From the constraints above we can check that a brute-force solution could survive. With the mathematical fact that we can represent a rectangle with only two points, we can iterate all possible combination's of two points and check if the rectangle represented with those two points include an obstacle or not. O(L^2*W^2*C) where c is the number of obstacles in the grid.


vector<point> obstacles;
int res = -1;

for (i = 0; i < l; i++)
for (j = 0; j < w; j++)
if(grid[i][j] != 'G' || grid[i][j] != 'S') obstacles.push_back(point(i, j));

for(i = 0; i < l; i++)
for(j = 0; j < w; j++)
for(a = i; a < l; a++)
for(b = j; b < w; b++)
for(c = 0; c < obstacles.size(); c++)
if(obstacles[c].x >= i && obstacles[c].x <= a && obstacles[c].y >= j && obstacles[c].y <= b) break;
if(c >= obstacles.size()) res = max(res, (a-i+1)*(b-j+1));

cout << res << endl;

Problem 2 (SRMCodingPhase)
Topcoder (SRM 520 Div 2 level 2, Div 1 level 1)

Mr. Dengklek introduced you to an online programming contest called SRM (Special Round Match)!

You are now in the coding phase of the contest. There are 3 problems in the contest. You have practiced a lot before in practice rooms, so you are sure that you can solve the first problem in skills[0] minutes, the second problem in skills[1] minutes and the third problem is skills[2] minutes.

You have exactly 75 minutes to solve the problems. Before submitting a solution to a problem, you must first open the problem. If you submit a solution to a problem t minutes after you open the problem, you will receive:
  • (points[0] - 2t) points for the first problem, or
  • (points[1] - 4t) points for the second problem, or
  • (points[2] - 8t) points for the third problem.

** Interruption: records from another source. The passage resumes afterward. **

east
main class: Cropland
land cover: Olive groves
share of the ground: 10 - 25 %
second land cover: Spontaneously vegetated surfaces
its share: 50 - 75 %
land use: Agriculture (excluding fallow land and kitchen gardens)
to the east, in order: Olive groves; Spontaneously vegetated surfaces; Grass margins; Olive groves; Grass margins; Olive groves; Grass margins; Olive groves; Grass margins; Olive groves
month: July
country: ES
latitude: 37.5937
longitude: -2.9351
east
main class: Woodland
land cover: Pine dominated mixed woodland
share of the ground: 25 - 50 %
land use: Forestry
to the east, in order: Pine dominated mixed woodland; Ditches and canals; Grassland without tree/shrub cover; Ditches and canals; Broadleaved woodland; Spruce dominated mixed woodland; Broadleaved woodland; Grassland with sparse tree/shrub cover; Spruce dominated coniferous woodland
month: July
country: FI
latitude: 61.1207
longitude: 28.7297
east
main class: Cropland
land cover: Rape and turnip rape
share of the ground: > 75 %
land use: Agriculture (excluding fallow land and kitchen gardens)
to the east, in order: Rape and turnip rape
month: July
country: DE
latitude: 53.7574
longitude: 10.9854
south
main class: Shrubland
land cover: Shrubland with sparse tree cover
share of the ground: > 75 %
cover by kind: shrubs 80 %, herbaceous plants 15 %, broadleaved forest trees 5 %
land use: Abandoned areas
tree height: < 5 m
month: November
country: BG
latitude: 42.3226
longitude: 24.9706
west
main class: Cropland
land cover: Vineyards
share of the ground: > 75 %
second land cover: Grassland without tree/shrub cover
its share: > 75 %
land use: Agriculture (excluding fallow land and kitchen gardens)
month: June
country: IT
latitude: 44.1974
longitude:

In your strategy, you only submit a solution to a problem after you solve the problem. If you don't submit a solution to a problem, you will receive zero points for the problem.

It is well-known that luck plays an important role in a contest. A fortune-teller told you that you have luck points of luck. You may use these points to decrease the amount of time you need to solve the problems, in minutes. Of course, you don't have to use all the points. Each point is worth one minute per problem. So, if you initially can solve a problem in t minutes, by using x points of luck (where x is a positive integer and 0 < x < t), you can solve the problem in (t - x) minutes (it is impossible to use t or more points of luck on the problem).

Arrange your strategy in this coding phase. Return the maximum total score you can achieve in this coding phase.


-points will contain exactly 3 elements.
-points[0] will be between 250 and 300, inclusive.
-points[1] will be between 450 and 600, inclusive.
-points[2] will be between 900 and 1100, inclusive.
-skills will contain exactly 3 elements.
-Each element of skills will be between 1 and 100, inclusive.
-luck will be between 0 and 100, inclusive.


From the problem constraints we can loop through all possible combination's of solved problems and compute the maximum points gained each time,  caution about the tricky luck part, we can use greedy to pass it.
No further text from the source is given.